Work order — Retyping the records exactly is the whole task.
--- Records for the task Enclosed Below ---
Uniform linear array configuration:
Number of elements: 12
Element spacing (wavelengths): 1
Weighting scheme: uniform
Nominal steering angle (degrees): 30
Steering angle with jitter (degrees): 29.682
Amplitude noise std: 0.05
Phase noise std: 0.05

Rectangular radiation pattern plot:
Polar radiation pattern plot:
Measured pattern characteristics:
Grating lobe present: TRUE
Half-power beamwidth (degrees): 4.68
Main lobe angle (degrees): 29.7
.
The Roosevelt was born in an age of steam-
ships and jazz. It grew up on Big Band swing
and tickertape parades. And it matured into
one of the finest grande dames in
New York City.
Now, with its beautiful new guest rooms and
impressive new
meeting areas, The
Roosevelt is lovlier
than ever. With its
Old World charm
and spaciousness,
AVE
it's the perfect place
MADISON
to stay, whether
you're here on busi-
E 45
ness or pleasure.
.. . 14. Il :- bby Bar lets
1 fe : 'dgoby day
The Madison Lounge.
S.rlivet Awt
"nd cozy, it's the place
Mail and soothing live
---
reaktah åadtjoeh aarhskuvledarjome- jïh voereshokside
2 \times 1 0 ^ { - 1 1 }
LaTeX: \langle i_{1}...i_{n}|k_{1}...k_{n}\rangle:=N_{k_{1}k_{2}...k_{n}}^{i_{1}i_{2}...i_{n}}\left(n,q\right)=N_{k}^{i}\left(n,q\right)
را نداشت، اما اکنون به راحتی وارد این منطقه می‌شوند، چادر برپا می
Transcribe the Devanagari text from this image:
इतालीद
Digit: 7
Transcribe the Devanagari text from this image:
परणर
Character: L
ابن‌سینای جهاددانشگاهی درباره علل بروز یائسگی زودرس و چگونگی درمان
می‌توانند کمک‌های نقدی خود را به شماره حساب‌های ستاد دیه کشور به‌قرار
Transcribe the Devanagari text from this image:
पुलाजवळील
--- End of Enclosed Records for the task ---
Solved exercise —
Uniform linear array configuration:
Number of elements: 12
Element spacing (wavelengths): 1
Weighting scheme: uniform
Nominal steering angle (degrees): 30
Steering angle with jitter (degrees): 29.682
Amplitude noise std: 0.05
Phase noise std: 0.05

Rectangular radiation pattern plot:
Polar radiation pattern plot:
Measured pattern characteristics:
Grating lobe present: TRUE
Half-power beamwidth (degrees): 4.68
Main lobe angle (degrees): 29.7
.
The Roosevelt was born in an age of steam-
ships and jazz. It grew up on Big Band swing
and tickertape parades. And it matured into
one of the finest grande dames in
New York City.
Now, with its beautiful new guest rooms and
impressive new
meeting areas, The
Roosevelt is lovlier
than ever. With its
Old World charm
and spaciousness,
AVE
it's the perfect place
MADISON
to stay, whether
you're here on busi-
E 45
ness or pleasure.
.. . 14. Il :- bby Bar lets
1 fe : 'dgoby day
The Madison Lounge.
S.rlivet Awt
"nd cozy, it's the place
Mail and soothing live
---
reaktah åadtjoeh aarhskuvledarjome- jïh voereshokside
2 \times 1 0 ^ { - 1 1 }
LaTeX: \langle i_{1}...i_{n}|k_{1}...k_{n}\rangle:=N_{k_{1}k_{2}...k_{n}}^{i_{1}i_{2}...i_{n}}\left(n,q\right)=N_{k}^{i}\left(n,q\right)
را نداشت، اما اکنون به راحتی وارد این منطقه می‌شوند، چادر برپا می
Transcribe the Devanagari text from this image:
इतालीद
Digit: 7
Transcribe the Devanagari text from this image:
परणर
Character: L
ابن‌سینای جهاددانشگاهی درباره علل بروز یائسگی زودرس و چگونگی درمان
می‌توانند کمک‌های نقدی خود را به شماره حساب‌های ستاد دیه کشور به‌قرار
Transcribe the Devanagari text from this image:
पुलाजवळील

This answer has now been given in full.